Exercise data START

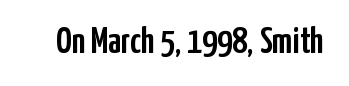
The image shows 37 px condensed sans-serif type, upright; set normal letter spacing, not underlined; low stroke contrast and a medium x-height.
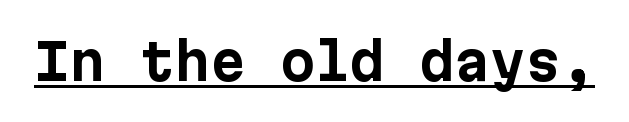
Q: Is the text bold? A: Yes.
Q: Is the text italic (slanted)? A: No, it is upright.
Q: Is the typeface a serif or a sans-serif typeface? A: Sans-serif.
Q: Is the text underlined? A: Yes.
Q: Is the spacing between letters normal or unusually wide? A: Normal.
Q: Width (condensed, normal, or wide)? A: Normal.
Q: Stroke contrast? A: Low.
Q: x-height? A: Medium.
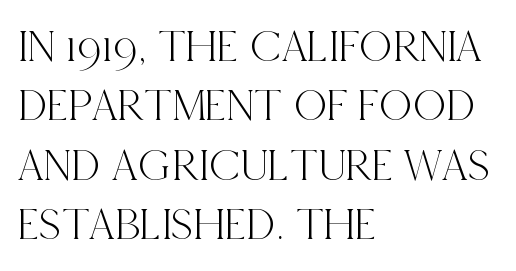
{"serif": "yes", "italic": "no", "width": "condensed", "x_height": "large", "monospaced": "no", "underline": "no", "align": "left", "line_spacing": "normal", "line_spacing_ratio": 1.29, "letter_spacing": "normal", "letter_spacing_em": 0.0, "glyph_px": 46}
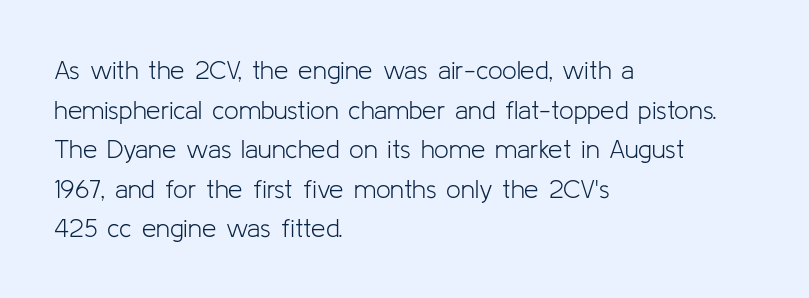
The image shows 26 px text type, upright; set left-aligned, normal line spacing (1.52x), normal letter spacing, not underlined.
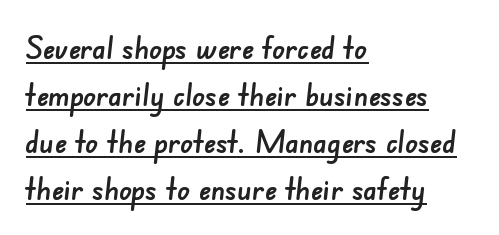
The passage is arranged the way most books set body copy — flush left. Spacing verdict: proportional, widths tailored to each character. These characters rest on top of a visible drawn line. Tracking value appears to be zero — textbook default spacing. What kind of face is this? One without serifs — a sans. These lines sit exactly where default settings would place them.
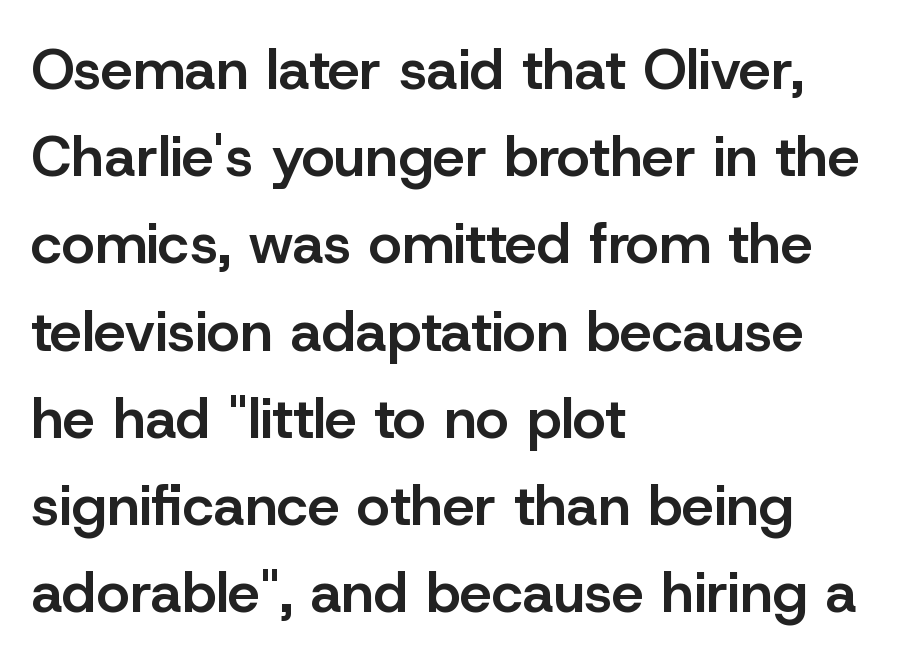
Q: Is the text bold? A: Semi-bold.
Q: Is the text italic (slanted)? A: No, it is upright.
Q: Is the typeface a serif or a sans-serif typeface? A: Sans-serif.
Q: Is the text underlined? A: No.
Q: How is the paragraph aligned? A: Left-aligned.
Q: Is the spacing between letters normal or unusually wide? A: Normal.
Q: Is the spacing between lines tight, normal or loose? A: Normal.
Q: Width (condensed, normal, or wide)? A: Normal.
Q: Stroke contrast? A: Low.
Q: x-height? A: Medium.
Q: Monospaced? A: No.
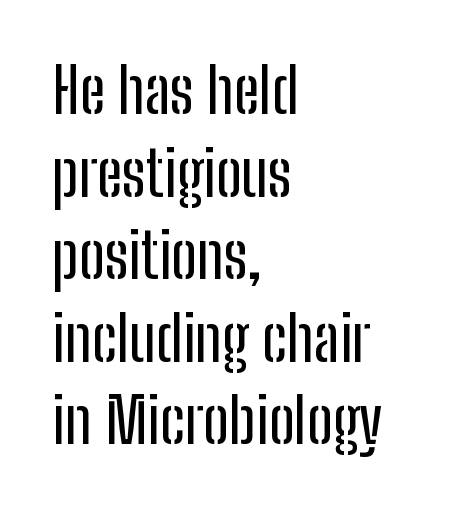
The image shows 63 px condensed sans-serif type, upright; set left-aligned, normal line spacing (1.31x), normal letter spacing, not underlined; low stroke contrast and a medium x-height.

Exercise data END

Directions:
Output all of the entries verbatim, leaving out any images.

Exercise solution:
The image shows 37 px condensed sans-serif type, upright; set normal letter spacing, not underlined; low stroke contrast and a medium x-height.
Q: Is the text bold? A: Yes.
Q: Is the text italic (slanted)? A: No, it is upright.
Q: Is the typeface a serif or a sans-serif typeface? A: Sans-serif.
Q: Is the text underlined? A: Yes.
Q: Is the spacing between letters normal or unusually wide? A: Normal.
Q: Width (condensed, normal, or wide)? A: Normal.
Q: Stroke contrast? A: Low.
Q: x-height? A: Medium.
{"serif": "yes", "italic": "no", "width": "condensed", "x_height": "large", "monospaced": "no", "underline": "no", "align": "left", "line_spacing": "normal", "line_spacing_ratio": 1.29, "letter_spacing": "normal", "letter_spacing_em": 0.0, "glyph_px": 46}
The image shows 26 px text type, upright; set left-aligned, normal line spacing (1.52x), normal letter spacing, not underlined.
The passage is arranged the way most books set body copy — flush left. Spacing verdict: proportional, widths tailored to each character. These characters rest on top of a visible drawn line. Tracking value appears to be zero — textbook default spacing. What kind of face is this? One without serifs — a sans. These lines sit exactly where default settings would place them.
Q: Is the text bold? A: Semi-bold.
Q: Is the text italic (slanted)? A: No, it is upright.
Q: Is the typeface a serif or a sans-serif typeface? A: Sans-serif.
Q: Is the text underlined? A: No.
Q: How is the paragraph aligned? A: Left-aligned.
Q: Is the spacing between letters normal or unusually wide? A: Normal.
Q: Is the spacing between lines tight, normal or loose? A: Normal.
Q: Width (condensed, normal, or wide)? A: Normal.
Q: Stroke contrast? A: Low.
Q: x-height? A: Medium.
Q: Monospaced? A: No.
The image shows 63 px condensed sans-serif type, upright; set left-aligned, normal line spacing (1.31x), normal letter spacing, not underlined; low stroke contrast and a medium x-height.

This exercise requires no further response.